Goll Christine · Nationalrat · Zürich · Sozialdemokratische Fraktion · 2000-10-05

Wortprotokoll

Das Thema sexuelle Ausbeutung von Kindern wird heute in der Öffentlichkeit und in den Medien breit diskutiert. Sexuelle Ausbeutung von Kindern ist kein Tabuthema mehr. Dazu beigetragen haben namentlich Beratungsstellen und Frauenprojekte, die sich seit Jahren parteilich mit der Situation von gewaltbetroffenen Kindern und Jugendlichen auseinander setzen.

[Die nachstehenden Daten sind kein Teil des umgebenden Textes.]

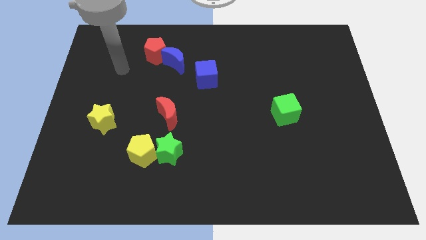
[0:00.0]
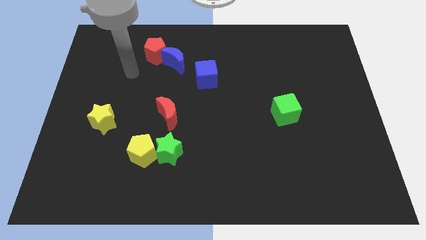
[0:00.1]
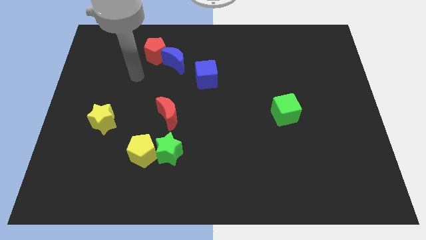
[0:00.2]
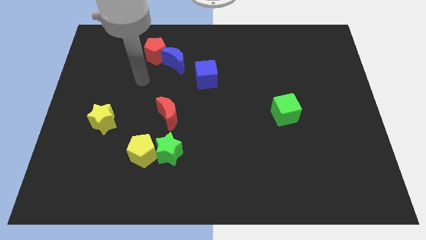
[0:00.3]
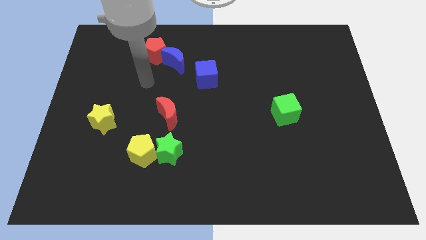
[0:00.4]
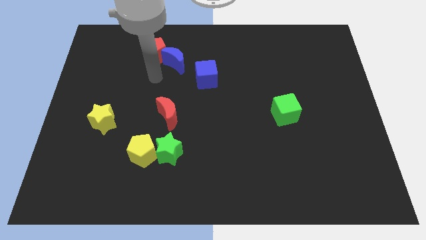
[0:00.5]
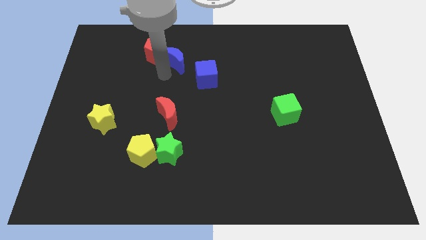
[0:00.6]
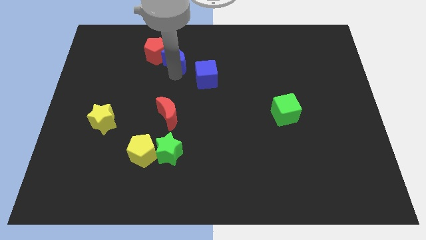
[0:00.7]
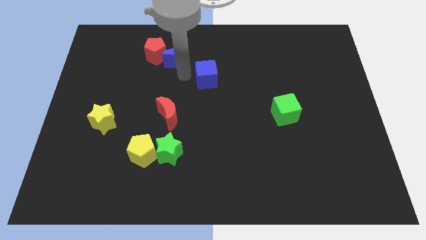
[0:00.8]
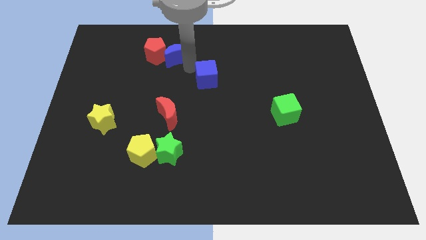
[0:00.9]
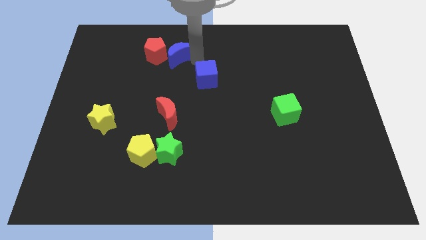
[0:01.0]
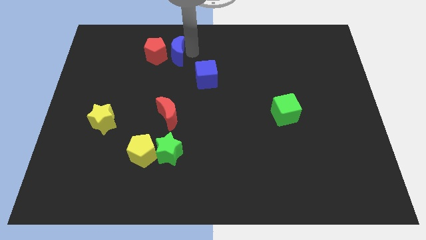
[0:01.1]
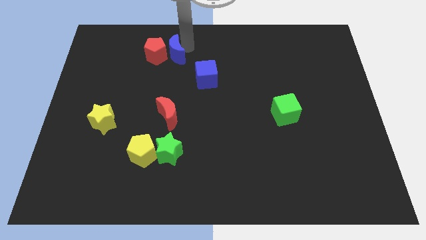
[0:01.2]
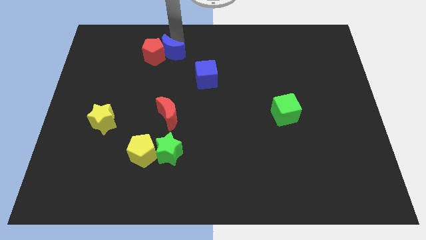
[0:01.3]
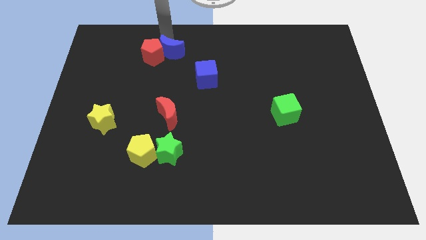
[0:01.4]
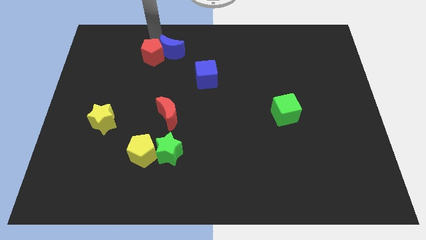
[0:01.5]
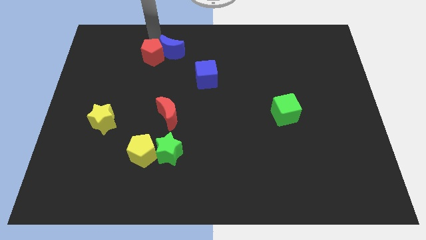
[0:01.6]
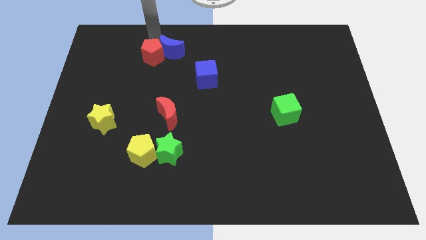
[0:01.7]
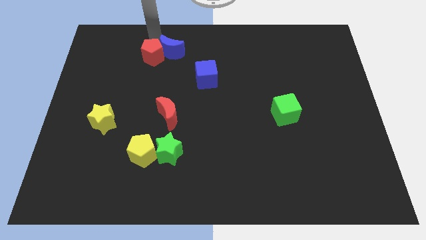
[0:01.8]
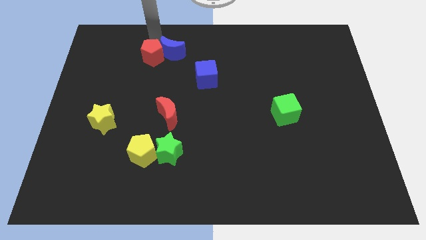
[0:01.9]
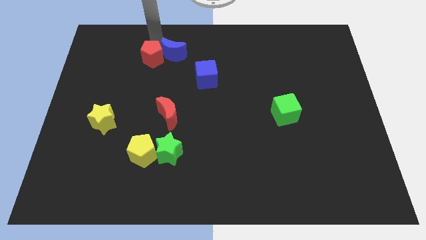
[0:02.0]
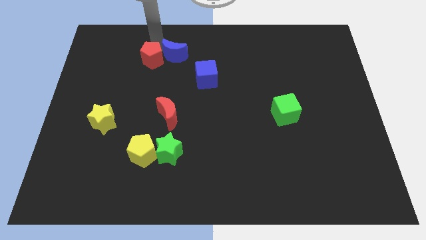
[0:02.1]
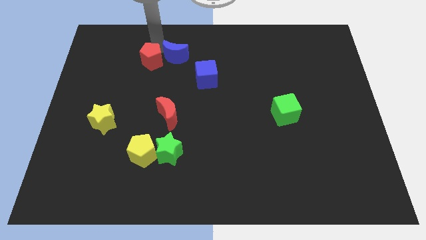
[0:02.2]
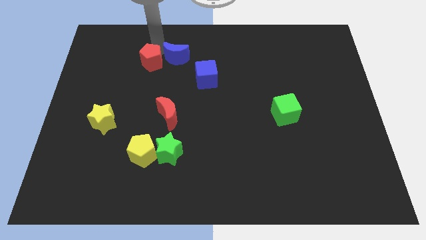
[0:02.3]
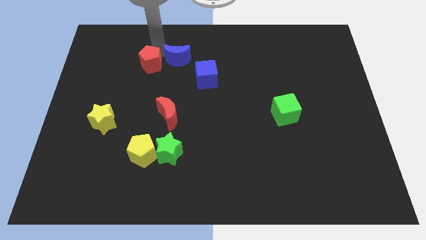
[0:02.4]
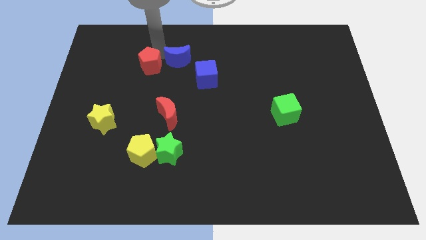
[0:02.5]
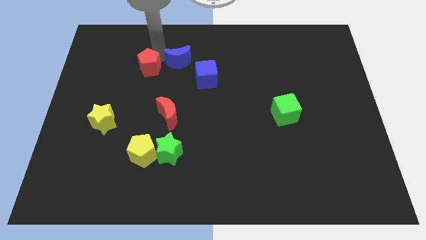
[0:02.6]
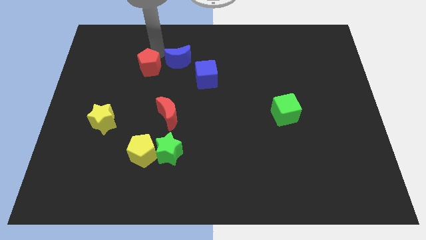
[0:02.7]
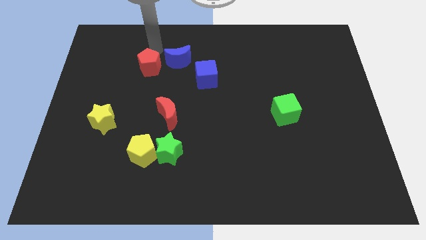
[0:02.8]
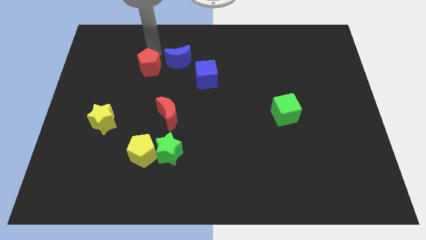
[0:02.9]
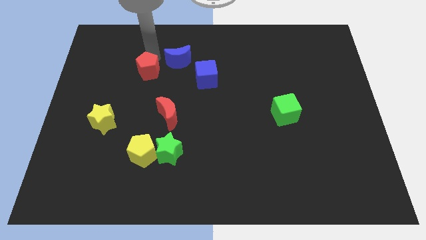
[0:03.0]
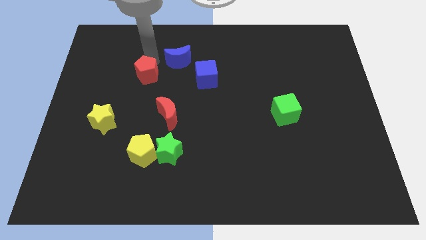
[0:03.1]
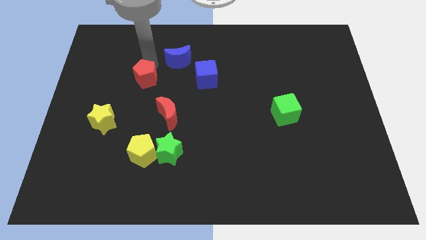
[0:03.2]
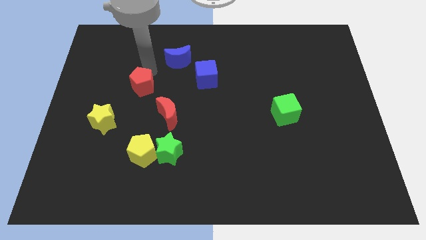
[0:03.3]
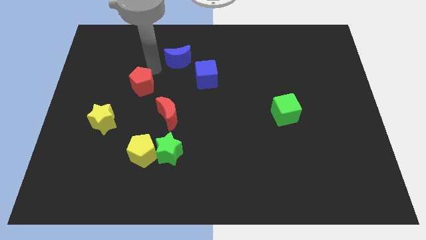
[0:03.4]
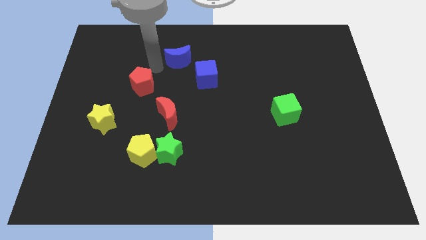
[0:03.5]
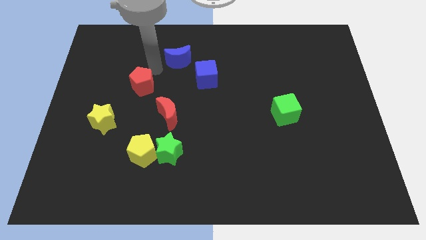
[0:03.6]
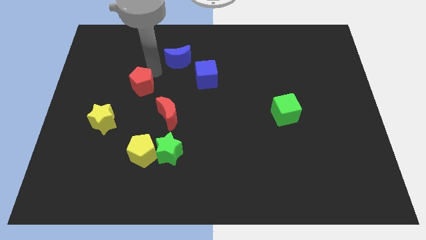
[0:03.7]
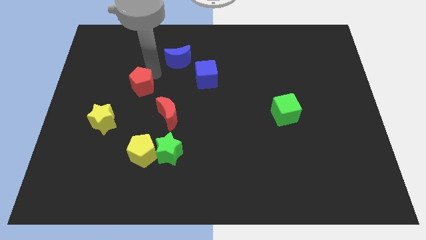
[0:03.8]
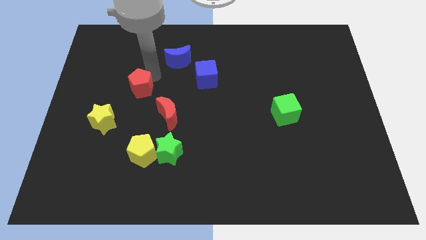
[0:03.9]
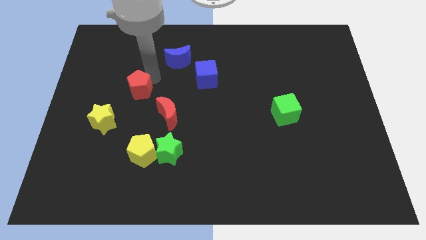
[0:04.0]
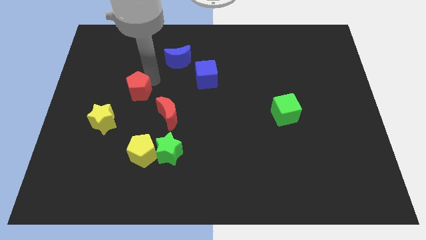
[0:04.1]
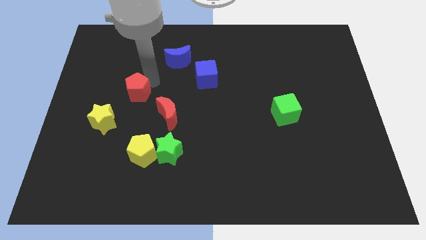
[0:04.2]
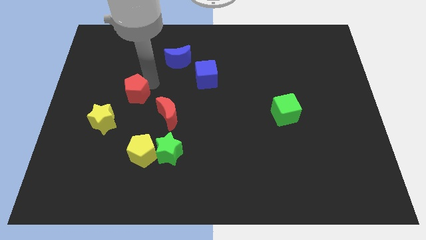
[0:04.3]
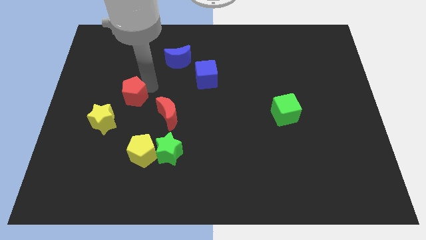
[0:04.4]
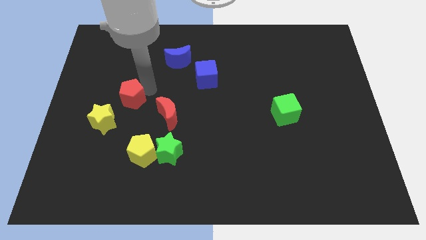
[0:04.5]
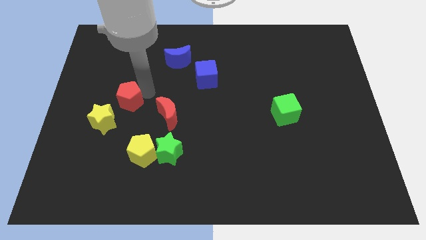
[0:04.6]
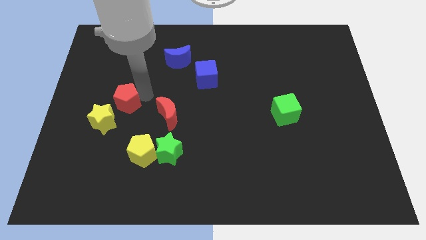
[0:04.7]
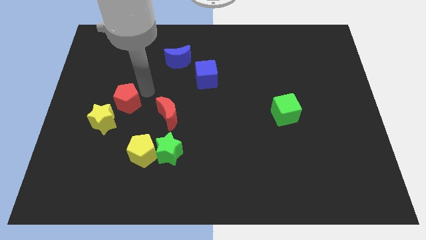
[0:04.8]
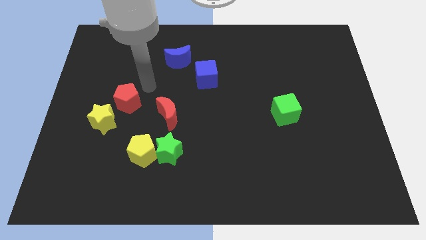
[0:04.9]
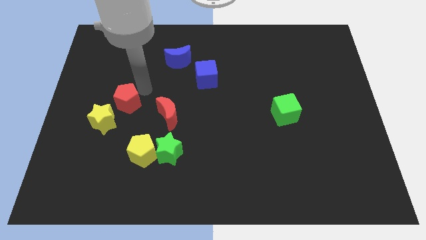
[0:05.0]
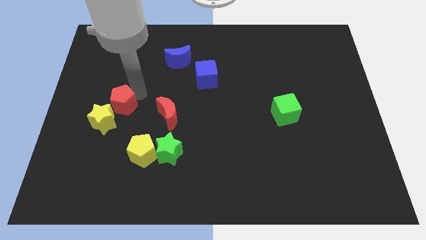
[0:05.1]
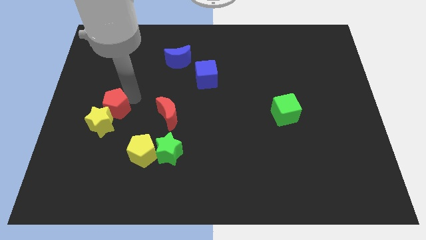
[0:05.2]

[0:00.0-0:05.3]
move the red pentagon close to the yellow star

Ein Tabu besteht aber nach wie vor, nämlich das Tabu, differenziert hinzuschauen, wenn es um sexuelle Ausbeutungsverhältnisse gegenüber Kindern geht. Es handelt sich dabei nicht einfach um die sexuelle Handlung als solche - "sexuelle Handlungen mit Kindern" ist auch die Begrifflichkeit, die in Artikel 187 des Strafgesetzbuches gebraucht wird -, bei der sexuellen Ausbeutung von Kindern geht es vielmehr um einen klaren Machtmissbrauch, der auch mit der strukturellen Gewalt in unserer Gesellschaft verknüpft ist. Gerade deshalb braucht es auch politische Massnahmen.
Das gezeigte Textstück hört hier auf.